*Work instruction*: Return the records below from the line containing "#8800 = CARTESIAN_POINT" onward, exactly, through and including the last line.
[[ Data provided open ]]
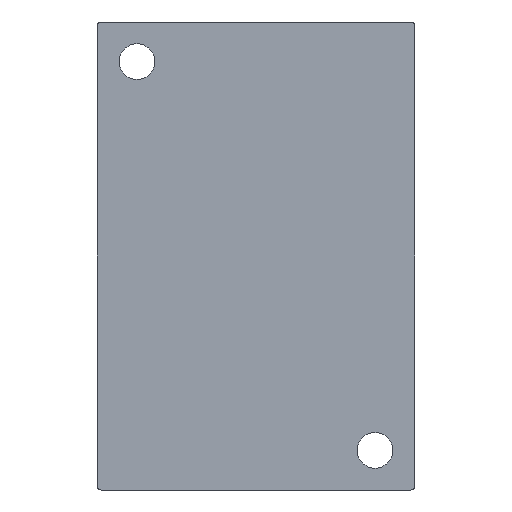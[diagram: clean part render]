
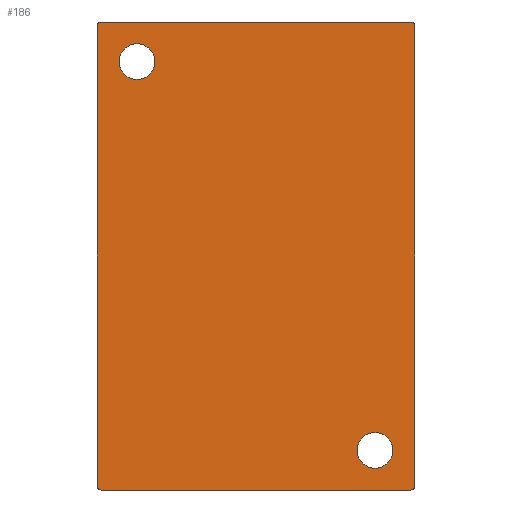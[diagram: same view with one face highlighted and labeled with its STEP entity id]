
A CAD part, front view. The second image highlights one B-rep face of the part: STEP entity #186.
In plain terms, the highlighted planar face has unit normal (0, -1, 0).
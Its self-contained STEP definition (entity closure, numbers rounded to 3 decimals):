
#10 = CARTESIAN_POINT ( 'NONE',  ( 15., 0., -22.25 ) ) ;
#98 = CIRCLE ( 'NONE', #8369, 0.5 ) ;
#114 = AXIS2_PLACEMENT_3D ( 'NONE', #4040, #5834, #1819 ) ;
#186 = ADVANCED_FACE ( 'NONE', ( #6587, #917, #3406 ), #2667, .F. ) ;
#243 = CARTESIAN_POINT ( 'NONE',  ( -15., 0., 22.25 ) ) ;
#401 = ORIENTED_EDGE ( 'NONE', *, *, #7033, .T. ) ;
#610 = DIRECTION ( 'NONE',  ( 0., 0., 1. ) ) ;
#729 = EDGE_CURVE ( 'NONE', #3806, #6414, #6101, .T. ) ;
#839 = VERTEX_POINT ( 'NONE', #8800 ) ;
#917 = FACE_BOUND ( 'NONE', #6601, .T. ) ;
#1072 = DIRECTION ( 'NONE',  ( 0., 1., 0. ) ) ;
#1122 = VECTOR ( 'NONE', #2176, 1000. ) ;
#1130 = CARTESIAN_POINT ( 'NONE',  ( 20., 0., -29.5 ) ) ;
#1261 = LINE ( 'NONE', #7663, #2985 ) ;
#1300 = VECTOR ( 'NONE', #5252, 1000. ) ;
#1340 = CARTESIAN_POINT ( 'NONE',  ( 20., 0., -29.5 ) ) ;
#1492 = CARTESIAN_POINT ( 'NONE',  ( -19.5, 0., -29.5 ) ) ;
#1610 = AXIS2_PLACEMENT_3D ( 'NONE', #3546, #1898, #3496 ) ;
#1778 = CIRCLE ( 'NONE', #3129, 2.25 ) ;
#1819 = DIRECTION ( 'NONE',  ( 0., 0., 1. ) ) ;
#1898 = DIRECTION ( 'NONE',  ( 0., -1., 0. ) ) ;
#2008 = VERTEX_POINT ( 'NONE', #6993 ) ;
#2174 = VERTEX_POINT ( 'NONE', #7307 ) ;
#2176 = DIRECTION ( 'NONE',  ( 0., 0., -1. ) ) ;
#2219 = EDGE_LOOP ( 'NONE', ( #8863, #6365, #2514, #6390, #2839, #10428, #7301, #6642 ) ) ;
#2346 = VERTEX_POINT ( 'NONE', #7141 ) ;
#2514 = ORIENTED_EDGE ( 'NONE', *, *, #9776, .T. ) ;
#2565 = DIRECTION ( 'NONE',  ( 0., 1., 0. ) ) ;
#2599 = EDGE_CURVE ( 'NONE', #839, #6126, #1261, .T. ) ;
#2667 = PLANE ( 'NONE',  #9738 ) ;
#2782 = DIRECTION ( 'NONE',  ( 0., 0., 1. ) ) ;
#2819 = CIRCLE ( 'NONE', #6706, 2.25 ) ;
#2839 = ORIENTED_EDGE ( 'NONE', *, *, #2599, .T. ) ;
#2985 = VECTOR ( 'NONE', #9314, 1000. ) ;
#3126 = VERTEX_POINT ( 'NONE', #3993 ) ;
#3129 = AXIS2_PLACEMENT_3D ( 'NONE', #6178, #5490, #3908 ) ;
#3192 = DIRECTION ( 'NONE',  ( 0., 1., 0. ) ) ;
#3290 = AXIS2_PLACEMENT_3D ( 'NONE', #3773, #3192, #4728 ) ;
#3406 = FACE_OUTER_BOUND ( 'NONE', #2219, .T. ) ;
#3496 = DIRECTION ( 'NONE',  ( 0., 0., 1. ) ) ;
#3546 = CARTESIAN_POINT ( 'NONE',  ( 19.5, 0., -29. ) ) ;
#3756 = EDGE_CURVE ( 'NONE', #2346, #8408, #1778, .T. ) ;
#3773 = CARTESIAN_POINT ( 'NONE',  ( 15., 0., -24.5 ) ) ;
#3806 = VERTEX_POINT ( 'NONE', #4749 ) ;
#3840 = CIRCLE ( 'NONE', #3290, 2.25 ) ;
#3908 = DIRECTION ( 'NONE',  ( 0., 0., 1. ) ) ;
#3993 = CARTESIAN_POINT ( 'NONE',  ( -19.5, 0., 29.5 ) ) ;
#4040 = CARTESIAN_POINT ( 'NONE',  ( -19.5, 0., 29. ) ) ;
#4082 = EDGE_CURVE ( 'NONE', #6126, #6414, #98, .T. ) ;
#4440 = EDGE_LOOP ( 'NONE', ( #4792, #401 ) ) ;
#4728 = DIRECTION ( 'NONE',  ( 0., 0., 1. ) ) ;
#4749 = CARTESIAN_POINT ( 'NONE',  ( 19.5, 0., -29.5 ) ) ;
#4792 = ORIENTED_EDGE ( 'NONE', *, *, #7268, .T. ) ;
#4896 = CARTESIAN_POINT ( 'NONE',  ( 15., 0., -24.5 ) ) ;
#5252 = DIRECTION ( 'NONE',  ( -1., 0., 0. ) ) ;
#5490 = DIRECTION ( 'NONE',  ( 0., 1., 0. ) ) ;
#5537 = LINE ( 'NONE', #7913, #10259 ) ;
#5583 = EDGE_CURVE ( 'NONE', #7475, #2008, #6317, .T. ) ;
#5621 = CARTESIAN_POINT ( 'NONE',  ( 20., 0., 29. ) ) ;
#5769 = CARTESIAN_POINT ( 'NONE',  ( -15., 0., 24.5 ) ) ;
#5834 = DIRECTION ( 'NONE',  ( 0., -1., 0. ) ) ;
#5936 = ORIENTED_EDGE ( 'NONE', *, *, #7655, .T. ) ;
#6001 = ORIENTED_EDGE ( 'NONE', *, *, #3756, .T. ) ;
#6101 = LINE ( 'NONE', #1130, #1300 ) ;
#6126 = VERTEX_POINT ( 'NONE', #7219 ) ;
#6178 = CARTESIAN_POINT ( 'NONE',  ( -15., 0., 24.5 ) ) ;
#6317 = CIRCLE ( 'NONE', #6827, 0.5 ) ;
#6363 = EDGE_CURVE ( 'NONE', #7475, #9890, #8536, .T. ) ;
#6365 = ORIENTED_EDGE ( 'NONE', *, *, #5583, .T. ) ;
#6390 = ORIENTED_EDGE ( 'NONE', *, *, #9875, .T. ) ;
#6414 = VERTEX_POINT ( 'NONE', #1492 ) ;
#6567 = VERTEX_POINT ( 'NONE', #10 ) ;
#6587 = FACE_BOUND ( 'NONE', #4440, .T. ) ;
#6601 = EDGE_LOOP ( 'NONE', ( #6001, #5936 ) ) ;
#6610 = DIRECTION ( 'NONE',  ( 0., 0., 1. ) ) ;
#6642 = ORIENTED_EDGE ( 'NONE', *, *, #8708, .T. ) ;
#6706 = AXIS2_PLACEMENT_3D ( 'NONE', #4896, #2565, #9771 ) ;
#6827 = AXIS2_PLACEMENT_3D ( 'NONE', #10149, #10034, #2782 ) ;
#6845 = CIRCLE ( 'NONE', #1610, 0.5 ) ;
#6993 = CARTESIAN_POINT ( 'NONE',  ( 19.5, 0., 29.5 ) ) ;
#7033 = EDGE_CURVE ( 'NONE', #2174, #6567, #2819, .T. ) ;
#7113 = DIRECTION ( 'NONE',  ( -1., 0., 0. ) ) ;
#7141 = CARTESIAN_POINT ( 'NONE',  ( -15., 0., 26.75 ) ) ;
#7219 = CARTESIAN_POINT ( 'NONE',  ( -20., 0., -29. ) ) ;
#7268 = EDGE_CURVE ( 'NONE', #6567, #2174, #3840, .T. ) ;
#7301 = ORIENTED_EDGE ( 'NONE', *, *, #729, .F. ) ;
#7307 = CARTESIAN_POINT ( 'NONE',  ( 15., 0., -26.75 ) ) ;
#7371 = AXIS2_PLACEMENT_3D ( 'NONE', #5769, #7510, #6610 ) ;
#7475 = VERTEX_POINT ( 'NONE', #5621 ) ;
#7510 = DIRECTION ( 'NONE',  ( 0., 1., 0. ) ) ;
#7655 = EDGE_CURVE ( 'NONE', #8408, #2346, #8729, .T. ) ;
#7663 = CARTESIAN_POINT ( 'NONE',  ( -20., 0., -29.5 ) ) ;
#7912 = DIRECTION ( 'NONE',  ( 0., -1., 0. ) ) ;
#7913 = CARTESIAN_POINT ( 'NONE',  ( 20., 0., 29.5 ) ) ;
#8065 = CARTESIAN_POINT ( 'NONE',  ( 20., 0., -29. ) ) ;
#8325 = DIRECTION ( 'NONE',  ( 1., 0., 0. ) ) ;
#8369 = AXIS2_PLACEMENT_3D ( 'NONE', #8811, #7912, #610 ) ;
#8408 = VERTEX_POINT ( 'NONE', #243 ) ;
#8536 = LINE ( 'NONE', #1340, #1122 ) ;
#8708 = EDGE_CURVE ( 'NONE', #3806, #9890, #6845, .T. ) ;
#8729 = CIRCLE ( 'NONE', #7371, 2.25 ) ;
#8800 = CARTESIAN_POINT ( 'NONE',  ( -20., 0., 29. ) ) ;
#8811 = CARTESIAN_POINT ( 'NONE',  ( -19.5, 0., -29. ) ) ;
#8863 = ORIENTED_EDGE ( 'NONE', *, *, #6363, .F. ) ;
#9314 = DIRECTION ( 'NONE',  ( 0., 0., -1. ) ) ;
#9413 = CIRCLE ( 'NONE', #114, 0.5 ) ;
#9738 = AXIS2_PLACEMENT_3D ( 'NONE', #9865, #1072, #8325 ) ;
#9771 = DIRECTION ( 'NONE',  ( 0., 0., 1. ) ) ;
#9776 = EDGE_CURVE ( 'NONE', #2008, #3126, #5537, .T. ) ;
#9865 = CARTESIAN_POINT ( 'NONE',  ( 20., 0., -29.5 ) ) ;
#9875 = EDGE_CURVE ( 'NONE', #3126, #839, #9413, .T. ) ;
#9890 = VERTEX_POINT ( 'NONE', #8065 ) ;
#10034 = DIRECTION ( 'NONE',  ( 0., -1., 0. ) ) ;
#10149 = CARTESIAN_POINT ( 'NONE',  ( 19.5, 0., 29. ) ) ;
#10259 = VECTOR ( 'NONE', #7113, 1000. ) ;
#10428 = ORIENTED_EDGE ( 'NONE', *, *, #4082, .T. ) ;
[[ Data provided closed ]]
*Exercise response*:
#8800 = CARTESIAN_POINT ( 'NONE',  ( -20., 0., 29. ) ) ;
#8811 = CARTESIAN_POINT ( 'NONE',  ( -19.5, 0., -29. ) ) ;
#8863 = ORIENTED_EDGE ( 'NONE', *, *, #6363, .F. ) ;
#9314 = DIRECTION ( 'NONE',  ( 0., 0., -1. ) ) ;
#9413 = CIRCLE ( 'NONE', #114, 0.5 ) ;
#9738 = AXIS2_PLACEMENT_3D ( 'NONE', #9865, #1072, #8325 ) ;
#9771 = DIRECTION ( 'NONE',  ( 0., 0., 1. ) ) ;
#9776 = EDGE_CURVE ( 'NONE', #2008, #3126, #5537, .T. ) ;
#9865 = CARTESIAN_POINT ( 'NONE',  ( 20., 0., -29.5 ) ) ;
#9875 = EDGE_CURVE ( 'NONE', #3126, #839, #9413, .T. ) ;
#9890 = VERTEX_POINT ( 'NONE', #8065 ) ;
#10034 = DIRECTION ( 'NONE',  ( 0., -1., 0. ) ) ;
#10149 = CARTESIAN_POINT ( 'NONE',  ( 19.5, 0., 29. ) ) ;
#10259 = VECTOR ( 'NONE', #7113, 1000. ) ;
#10428 = ORIENTED_EDGE ( 'NONE', *, *, #4082, .T. ) ;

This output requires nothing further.